Return nothing but the lines from the one containing "Modality: FA" through the end of the records below, exactly as they stand and without pictures.

Collected data entries

^^^^

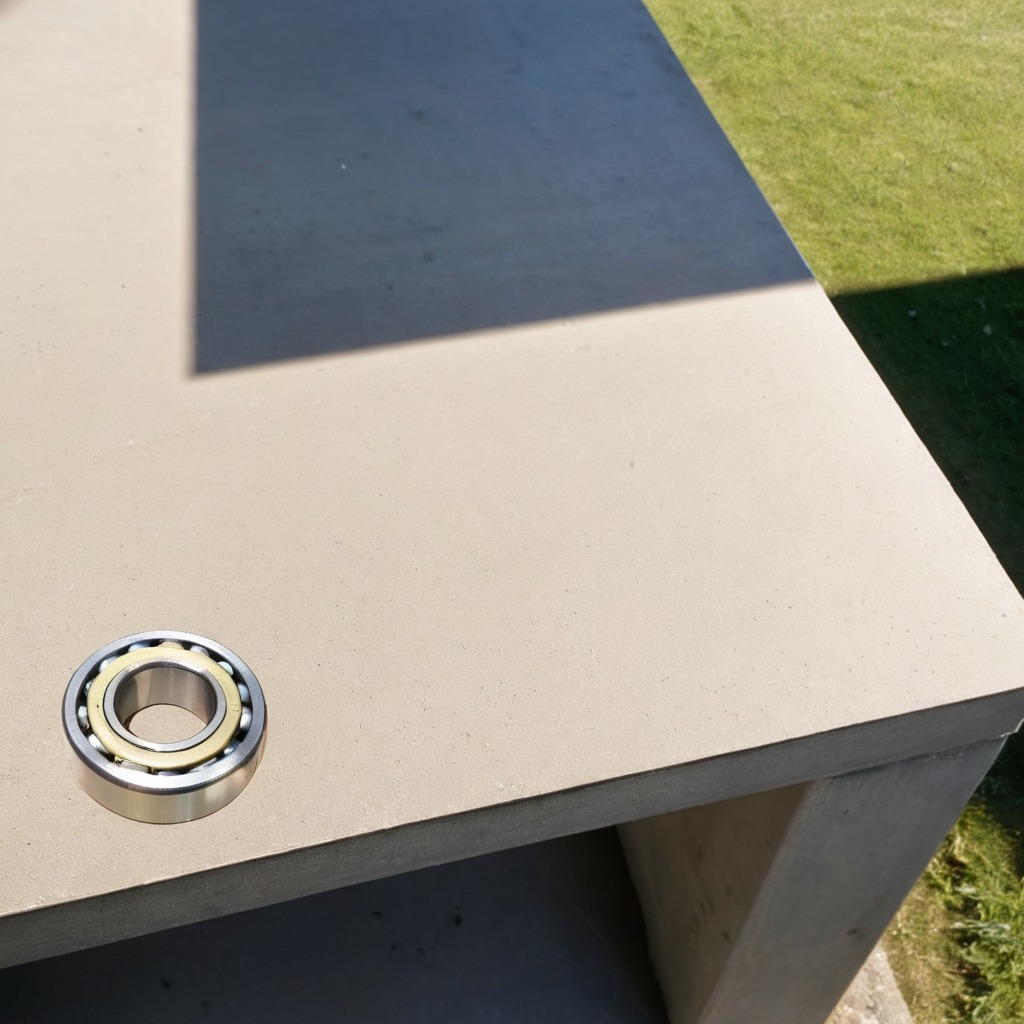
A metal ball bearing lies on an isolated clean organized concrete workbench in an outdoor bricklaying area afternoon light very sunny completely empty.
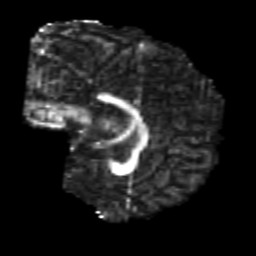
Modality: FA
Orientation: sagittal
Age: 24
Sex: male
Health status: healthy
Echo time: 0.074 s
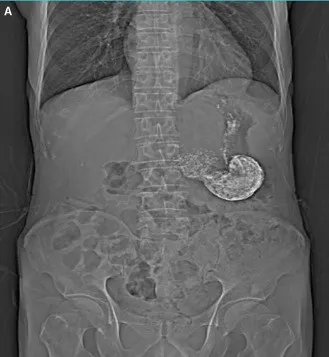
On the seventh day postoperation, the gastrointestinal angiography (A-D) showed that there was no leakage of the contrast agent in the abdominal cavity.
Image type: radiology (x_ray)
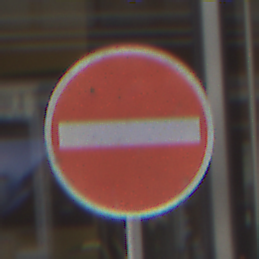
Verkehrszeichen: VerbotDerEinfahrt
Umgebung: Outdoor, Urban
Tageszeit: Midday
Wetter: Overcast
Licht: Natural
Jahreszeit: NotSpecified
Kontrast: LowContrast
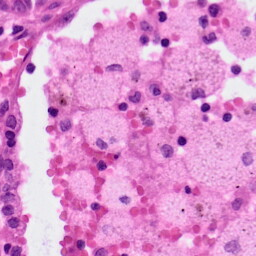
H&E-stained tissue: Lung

^^^^

Your response »
Modality: FA
Orientation: sagittal
Age: 24
Sex: male
Health status: healthy
Echo time: 0.074 s
On the seventh day postoperation, the gastrointestinal angiography (A-D) showed that there was no leakage of the contrast agent in the abdominal cavity.
Image type: radiology (x_ray)
Verkehrszeichen: VerbotDerEinfahrt
Umgebung: Outdoor, Urban
Tageszeit: Midday
Wetter: Overcast
Licht: Natural
Jahreszeit: NotSpecified
Kontrast: LowContrast
H&E-stained tissue: Lung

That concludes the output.